The challenge to the Tribunal’s finding on the Polkey issue is well founded and the Tribunal’s conclusion on this issue is set aside.

119.

Mr Reade sought to persuade me to substitute a decision for that of the Tribunal on the Polkey issue. However, in light of the guidance in Jafri v Lincoln College [2014] ICR 920 and Burrell v Micheldever Tyre Services Ltd [2014] ICR 935, I am of the firm view that this is an issue where more than one outcome is possible and I should refrain from substituting my own decision. The question of when a fair dismissal would have taken place must therefore be remitted for reconsideration.

120.

I invited the parties’ submissions concerning whether the remission should be to the same or different Tribunal. The relevant guidance is set out in Sinclair Roche & Temperley v Heard [2004] IRLR 763 at §§46-7(referred to with approval at §31 of Barke v SEETEC Business Technology Centre Ltd [2005] ICR 1373).Mr Reade argued that the remission should be to a different Tribunal on the basis that (i) the decision on Polkeywas totally flawed such that one cannot be confident the Tribunal would get it right the second time around; (ii) there was a real risk that the Tribunal has made up its mind and might reverse engineer the same result; and (iii) there was likely to be a lengthy delay if remitted to the same Judge as opposed to a newly constituted Tribunal.

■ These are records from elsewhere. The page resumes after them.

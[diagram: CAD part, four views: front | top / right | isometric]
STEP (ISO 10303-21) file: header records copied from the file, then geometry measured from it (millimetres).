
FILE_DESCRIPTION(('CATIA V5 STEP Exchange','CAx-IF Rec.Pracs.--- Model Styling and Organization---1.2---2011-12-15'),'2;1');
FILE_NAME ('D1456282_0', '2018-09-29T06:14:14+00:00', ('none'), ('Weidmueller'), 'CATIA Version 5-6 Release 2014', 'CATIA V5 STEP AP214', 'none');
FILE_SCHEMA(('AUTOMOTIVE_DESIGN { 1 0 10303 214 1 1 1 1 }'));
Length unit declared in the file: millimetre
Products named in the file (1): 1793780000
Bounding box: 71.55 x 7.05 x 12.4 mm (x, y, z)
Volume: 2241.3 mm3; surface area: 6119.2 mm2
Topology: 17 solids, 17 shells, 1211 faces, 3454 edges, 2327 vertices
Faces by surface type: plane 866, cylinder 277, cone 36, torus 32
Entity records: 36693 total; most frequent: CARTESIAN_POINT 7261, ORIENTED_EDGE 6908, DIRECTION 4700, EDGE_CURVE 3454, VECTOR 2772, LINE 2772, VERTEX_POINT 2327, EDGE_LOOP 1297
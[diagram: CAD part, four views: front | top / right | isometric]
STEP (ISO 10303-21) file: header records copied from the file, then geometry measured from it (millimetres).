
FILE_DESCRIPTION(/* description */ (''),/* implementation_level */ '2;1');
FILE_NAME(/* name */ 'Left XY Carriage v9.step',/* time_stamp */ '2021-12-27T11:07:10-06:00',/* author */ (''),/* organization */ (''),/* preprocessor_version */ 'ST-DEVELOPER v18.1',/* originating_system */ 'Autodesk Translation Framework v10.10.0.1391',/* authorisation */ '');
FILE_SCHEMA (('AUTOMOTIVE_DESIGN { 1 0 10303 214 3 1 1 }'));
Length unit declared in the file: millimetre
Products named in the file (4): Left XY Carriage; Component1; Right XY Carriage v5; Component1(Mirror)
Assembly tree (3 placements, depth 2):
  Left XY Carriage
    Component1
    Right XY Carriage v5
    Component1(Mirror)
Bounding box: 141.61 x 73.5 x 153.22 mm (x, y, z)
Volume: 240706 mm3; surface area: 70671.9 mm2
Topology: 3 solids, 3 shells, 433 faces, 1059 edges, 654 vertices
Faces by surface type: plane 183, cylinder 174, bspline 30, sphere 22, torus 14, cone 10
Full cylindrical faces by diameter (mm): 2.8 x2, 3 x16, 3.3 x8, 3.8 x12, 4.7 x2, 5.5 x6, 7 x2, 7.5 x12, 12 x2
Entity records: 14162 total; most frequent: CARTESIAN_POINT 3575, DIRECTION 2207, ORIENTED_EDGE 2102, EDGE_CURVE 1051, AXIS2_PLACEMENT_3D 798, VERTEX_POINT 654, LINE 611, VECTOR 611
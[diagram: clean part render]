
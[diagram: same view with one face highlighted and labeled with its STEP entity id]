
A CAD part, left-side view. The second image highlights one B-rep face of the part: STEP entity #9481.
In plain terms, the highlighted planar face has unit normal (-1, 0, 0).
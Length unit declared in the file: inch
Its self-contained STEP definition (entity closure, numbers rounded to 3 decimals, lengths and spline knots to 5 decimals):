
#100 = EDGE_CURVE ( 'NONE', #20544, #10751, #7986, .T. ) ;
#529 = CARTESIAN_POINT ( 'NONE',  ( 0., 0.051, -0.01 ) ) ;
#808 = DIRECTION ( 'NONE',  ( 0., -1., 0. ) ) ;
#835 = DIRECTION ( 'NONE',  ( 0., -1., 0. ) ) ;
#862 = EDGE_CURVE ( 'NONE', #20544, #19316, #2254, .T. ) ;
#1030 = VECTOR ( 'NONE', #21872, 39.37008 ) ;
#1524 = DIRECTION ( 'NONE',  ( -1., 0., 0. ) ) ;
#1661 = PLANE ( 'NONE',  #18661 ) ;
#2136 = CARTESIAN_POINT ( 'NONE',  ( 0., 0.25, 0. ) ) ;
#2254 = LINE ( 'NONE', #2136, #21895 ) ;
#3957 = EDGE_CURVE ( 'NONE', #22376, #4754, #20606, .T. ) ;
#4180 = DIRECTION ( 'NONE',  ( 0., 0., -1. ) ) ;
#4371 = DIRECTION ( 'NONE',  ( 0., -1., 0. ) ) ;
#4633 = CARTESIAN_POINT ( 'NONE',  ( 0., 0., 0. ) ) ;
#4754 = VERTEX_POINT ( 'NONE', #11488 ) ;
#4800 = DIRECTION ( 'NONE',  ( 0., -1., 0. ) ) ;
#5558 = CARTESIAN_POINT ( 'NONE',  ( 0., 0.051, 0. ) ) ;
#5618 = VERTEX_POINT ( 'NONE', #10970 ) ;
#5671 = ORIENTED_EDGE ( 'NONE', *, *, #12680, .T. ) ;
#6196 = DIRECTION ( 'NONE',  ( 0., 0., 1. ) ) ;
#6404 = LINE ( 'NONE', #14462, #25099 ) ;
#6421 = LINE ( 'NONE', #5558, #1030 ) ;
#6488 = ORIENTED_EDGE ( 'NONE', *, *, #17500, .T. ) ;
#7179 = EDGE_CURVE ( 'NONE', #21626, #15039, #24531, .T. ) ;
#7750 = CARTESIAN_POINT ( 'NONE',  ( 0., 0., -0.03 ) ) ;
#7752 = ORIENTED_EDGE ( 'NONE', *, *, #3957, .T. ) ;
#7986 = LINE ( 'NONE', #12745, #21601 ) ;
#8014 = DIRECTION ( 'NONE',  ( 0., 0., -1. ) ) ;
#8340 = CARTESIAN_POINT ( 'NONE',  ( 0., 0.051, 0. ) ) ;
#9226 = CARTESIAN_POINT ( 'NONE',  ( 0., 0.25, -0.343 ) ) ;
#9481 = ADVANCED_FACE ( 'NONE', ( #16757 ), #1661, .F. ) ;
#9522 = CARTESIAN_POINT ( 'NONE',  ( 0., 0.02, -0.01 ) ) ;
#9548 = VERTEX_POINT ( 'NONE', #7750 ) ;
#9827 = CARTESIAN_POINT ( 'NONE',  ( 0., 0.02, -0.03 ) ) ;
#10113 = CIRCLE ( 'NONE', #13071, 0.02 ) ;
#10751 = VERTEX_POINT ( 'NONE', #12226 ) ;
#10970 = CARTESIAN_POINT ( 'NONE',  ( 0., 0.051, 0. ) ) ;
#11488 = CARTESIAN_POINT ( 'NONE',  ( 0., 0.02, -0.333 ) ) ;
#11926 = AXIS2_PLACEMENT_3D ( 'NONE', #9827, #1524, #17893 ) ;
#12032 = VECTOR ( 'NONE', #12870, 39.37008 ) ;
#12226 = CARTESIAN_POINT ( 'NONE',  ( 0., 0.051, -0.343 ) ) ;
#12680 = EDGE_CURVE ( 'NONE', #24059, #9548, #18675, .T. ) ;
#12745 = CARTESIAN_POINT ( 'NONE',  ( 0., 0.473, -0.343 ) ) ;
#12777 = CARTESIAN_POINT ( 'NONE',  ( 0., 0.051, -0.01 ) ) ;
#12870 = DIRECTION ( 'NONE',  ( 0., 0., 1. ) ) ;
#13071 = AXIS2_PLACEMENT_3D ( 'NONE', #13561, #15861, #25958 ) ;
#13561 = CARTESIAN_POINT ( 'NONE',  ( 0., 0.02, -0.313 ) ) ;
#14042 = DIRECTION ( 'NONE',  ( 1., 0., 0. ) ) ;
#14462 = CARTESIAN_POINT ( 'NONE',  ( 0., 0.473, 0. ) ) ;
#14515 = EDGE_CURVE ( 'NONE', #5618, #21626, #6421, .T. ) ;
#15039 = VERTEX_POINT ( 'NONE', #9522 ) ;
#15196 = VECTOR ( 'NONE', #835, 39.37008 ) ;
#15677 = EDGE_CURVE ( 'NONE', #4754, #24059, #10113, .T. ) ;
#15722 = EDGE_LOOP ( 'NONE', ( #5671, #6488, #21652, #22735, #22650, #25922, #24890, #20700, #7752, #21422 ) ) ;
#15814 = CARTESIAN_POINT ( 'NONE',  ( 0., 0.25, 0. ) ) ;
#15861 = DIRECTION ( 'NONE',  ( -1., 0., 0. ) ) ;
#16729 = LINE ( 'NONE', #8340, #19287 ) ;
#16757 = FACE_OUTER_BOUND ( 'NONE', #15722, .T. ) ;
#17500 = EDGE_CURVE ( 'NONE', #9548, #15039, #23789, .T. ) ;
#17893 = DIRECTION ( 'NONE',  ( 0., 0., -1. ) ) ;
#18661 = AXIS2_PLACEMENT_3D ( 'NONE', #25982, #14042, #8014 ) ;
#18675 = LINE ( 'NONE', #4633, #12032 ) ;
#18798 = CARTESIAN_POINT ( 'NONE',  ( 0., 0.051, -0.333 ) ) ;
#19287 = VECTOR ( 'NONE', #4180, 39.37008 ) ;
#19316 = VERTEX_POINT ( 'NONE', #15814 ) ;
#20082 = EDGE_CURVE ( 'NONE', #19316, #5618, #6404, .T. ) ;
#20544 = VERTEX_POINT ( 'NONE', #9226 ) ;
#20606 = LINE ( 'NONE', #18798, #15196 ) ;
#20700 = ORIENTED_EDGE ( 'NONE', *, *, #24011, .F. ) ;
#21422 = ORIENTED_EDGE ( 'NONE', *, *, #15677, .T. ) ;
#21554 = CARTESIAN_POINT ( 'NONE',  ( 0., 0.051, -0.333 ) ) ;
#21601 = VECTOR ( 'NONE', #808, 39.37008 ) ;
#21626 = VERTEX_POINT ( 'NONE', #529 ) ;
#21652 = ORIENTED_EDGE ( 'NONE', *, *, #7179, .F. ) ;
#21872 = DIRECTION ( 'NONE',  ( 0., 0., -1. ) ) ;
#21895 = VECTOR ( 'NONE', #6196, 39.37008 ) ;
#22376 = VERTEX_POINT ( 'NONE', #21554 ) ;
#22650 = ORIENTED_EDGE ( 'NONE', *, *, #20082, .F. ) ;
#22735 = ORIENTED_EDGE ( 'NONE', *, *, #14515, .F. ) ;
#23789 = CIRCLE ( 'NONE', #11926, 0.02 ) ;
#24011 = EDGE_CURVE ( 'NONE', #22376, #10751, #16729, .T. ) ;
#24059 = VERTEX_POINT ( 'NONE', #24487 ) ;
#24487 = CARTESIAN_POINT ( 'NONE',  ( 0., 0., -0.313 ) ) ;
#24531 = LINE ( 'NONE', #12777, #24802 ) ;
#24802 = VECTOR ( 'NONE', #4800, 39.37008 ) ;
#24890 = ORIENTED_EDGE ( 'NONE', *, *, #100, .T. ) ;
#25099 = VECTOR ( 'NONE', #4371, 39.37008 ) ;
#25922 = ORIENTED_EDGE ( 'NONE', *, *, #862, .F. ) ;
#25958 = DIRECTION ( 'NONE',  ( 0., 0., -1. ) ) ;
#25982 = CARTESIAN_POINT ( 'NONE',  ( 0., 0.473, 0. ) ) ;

Mr Brittenden submitted the question should go back to the same Judge who heard the evidence; that Judge can retake the decision in light of the guidance in this judgment. He submitted the remedy hearing has not yet taken place and that would provide a suitable opportunity for the decision to be retaken.

121.

Having balanced the relevant factors, I am of the view the remission should be to the same Tribunal. Whilst I have concluded that the Tribunal erred in law, I do not consider the decision “totally flawed” in the sense described by Burton J at §46.4 of Sinclair Roche. Nor do I consider that there is a real risk that the Tribunal would take the opportunity to bite the cherry for a second time, instead of genuinely looking at matters afresh and in line with the guidance in this judgment. I consider the position is as described in §46.6 of Sinclair Roche: the Tribunal has been corrected on an honest misapplication of the legally required approach; it has not committed itself in its reasons in such a way to suggest a rethink is impracticable. Accordingly, the presumption that the Tribunal will professionally go about its task on the remitted question applies. Further, the Tribunal has already heard the relevant evidence. It is more proportionate for it to be asked to retake the decision in the light of further submissions and this judgment than for a fresh Tribunal to come to the case. There has been some passage of time since the judgment was sent to the parties in May 2024, but this is not such that the Tribunal will not be able to refresh its memory. It also seems to me that the same Tribunal will be able to deal with the remitted question within a reasonable period, especially as it is still seized of the issue of remedy.

122.

I benefitted greatly from the submissions that were advanced on behalf of the parties in this case and conclude by thanking counsel for their assistance.